My first thought is that you are doing a select top serviceid from (select *....) and the optimizer may have difficulty pushing the query down to the inner queries and making using of the index.
Consider rewriting it as
select top 10 ServiceRequestID
from big_table_1
inner join big_table_2 cap2
on cap1.servicerequestid = cap2.customerreferencenumber
and big_table_1.statusid = 2
In your query, the database is probably trying to merge the results and return them and THEN limit it to the top 10 in the outer query. In the above query the database will only have to gather the first 10 results as results are being merged, saving loads of time. And if servicerequestID is indexed, it will be sure to use it. In your example, the query is looking for the servicerequestid column in a result set that has already been returned in a virtual, unindexed format.
Hope that makes sense. While hypothetically the optimizer is supposed to take whatever format we put SQL in and figure out the best way to return values every time, the truth is that the way we put our SQL together can really impact the order in which certain steps are done on the DB.
SELECT TOP is slow, regardless of ORDER BY
Why is doing a top(1) on an indexed column in SQL Server slow?

I had a similar problem with a query like yours.
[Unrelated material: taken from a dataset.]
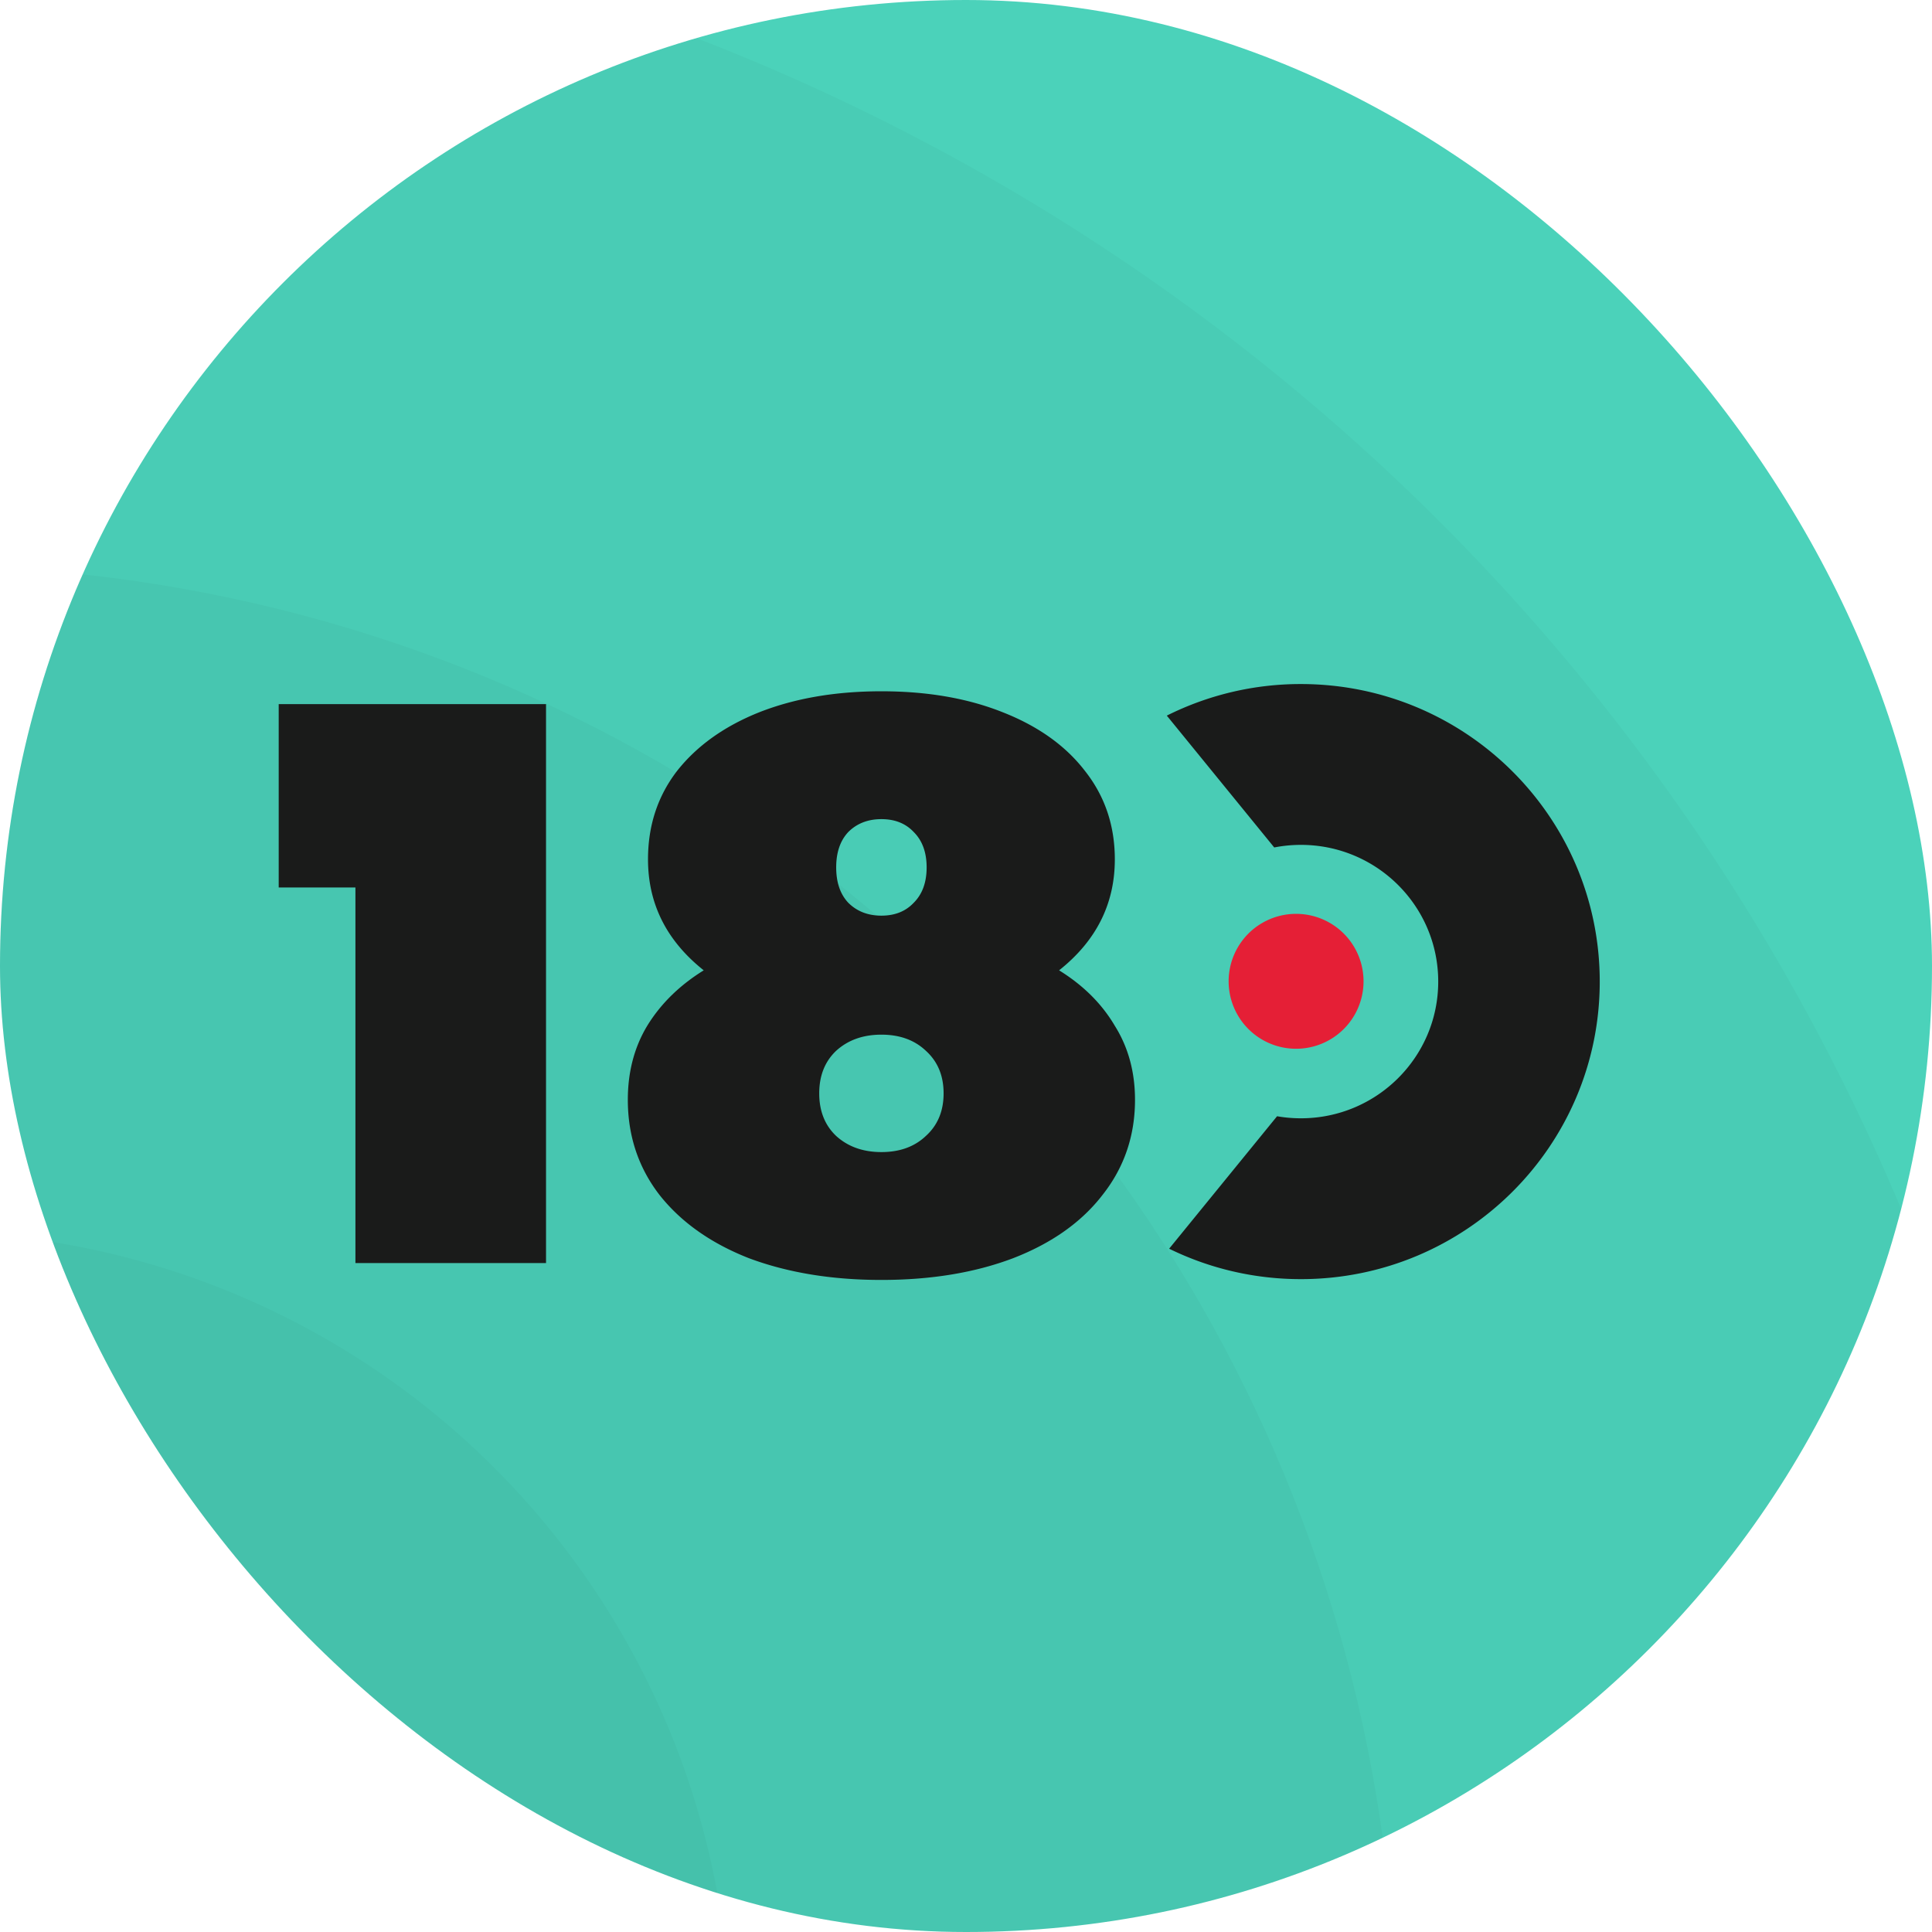 <svg xmlns="http://www.w3.org/2000/svg" fill="none" viewBox="0 0 128 128"><g clip-path="url(#a)"><rect width="128" height="128" fill="#4BD2BA" rx="64"/><circle cx="-5" cy="135" r="142" fill="#000" fill-opacity=".03" transform="rotate(180 -5 135)"/><circle cx="-5" cy="135" r="97.509" fill="#000" fill-opacity=".03" transform="rotate(180 -5 135)"/><circle cx="-5" cy="135" r="53.389" fill="#000" fill-opacity=".03" transform="rotate(180 -5 135)"/><path fill="#1A1B1A" d="M36.176 46.651v37.03H23.548V58.798h-5.083V46.651h17.71ZM70.168 64.287c1.605.994 2.836 2.22 3.692 3.676.891 1.42 1.337 3.055 1.337 4.902 0 2.38-.713 4.475-2.14 6.287-1.391 1.811-3.37 3.214-5.94 4.209-2.532.959-5.44 1.438-8.72 1.438-3.283 0-6.208-.48-8.776-1.439-2.533-.994-4.513-2.397-5.94-4.209-1.39-1.81-2.086-3.907-2.086-6.286 0-1.847.428-3.481 1.284-4.902.892-1.456 2.14-2.682 3.745-3.676-2.46-1.954-3.692-4.405-3.692-7.353 0-2.237.642-4.19 1.927-5.86 1.32-1.67 3.139-2.966 5.457-3.89 2.355-.923 5.048-1.385 8.08-1.385s5.707.462 8.026 1.385c2.355.924 4.174 2.22 5.458 3.89 1.32 1.67 1.98 3.623 1.98 5.86 0 2.948-1.23 5.4-3.692 7.353ZM58.396 54.27c-.892 0-1.623.284-2.194.853-.535.568-.802 1.35-.802 2.344 0 .995.267 1.776.802 2.344.571.569 1.302.853 2.194.853.892 0 1.605-.284 2.14-.853.571-.568.856-1.35.856-2.344 0-.994-.285-1.776-.856-2.344-.535-.569-1.248-.853-2.14-.853Zm0 22.058c1.213 0 2.194-.355 2.943-1.066.785-.71 1.177-1.651 1.177-2.824 0-1.172-.392-2.113-1.177-2.823-.75-.71-1.73-1.066-2.943-1.066s-2.212.355-2.996 1.066c-.75.71-1.124 1.651-1.124 2.823s.374 2.114 1.124 2.824c.784.71 1.783 1.066 2.996 1.066ZM77.458 82.73l7.151-8.776c.514.09 1.041.136 1.58.136 5.024 0 9.097-4.055 9.097-9.057 0-5.003-4.073-9.058-9.097-9.058-.605 0-1.196.06-1.768.171l-7.117-8.734a19.783 19.783 0 0 1 8.885-2.092c10.934 0 19.798 8.825 19.798 19.713 0 10.887-8.864 19.713-19.798 19.713-3.133 0-6.097-.725-8.73-2.016Z"/><path fill="#F60D28" fill-opacity=".9" d="M90.338 65.014a4.469 4.469 0 1 1-8.938 0 4.469 4.469 0 0 1 8.938 0Z"/></g><defs><clipPath id="a"><rect width="128" height="128" fill="#fff" rx="64"/></clipPath></defs></svg>

The query ordered but without the top clause took 1 sec, same query with top 3 took 1 minute.
I saw that using a variable for the top it worked as expected.
The code for your case:
declare #top int = 10;
select top (#top) ServiceRequestID
from
(
(select *
from big_table_1
where big_table_1.StatusId=2
) cap1
inner join
big_table_2 cap2
on cap1.ServiceRequestID = cap2.CustomerReferenceNumber
)

I cant explain why but I can give an idea:
try adding SET ROWCOUNT 10 before your query. It helped me in some cases. Bear in mind that this is a scope setting so you have to set it back to its original value after running your query.
Explanation:
SET ROWCOUNT: Causes SQL Server to stop processing the query after the specified number of rows are returned.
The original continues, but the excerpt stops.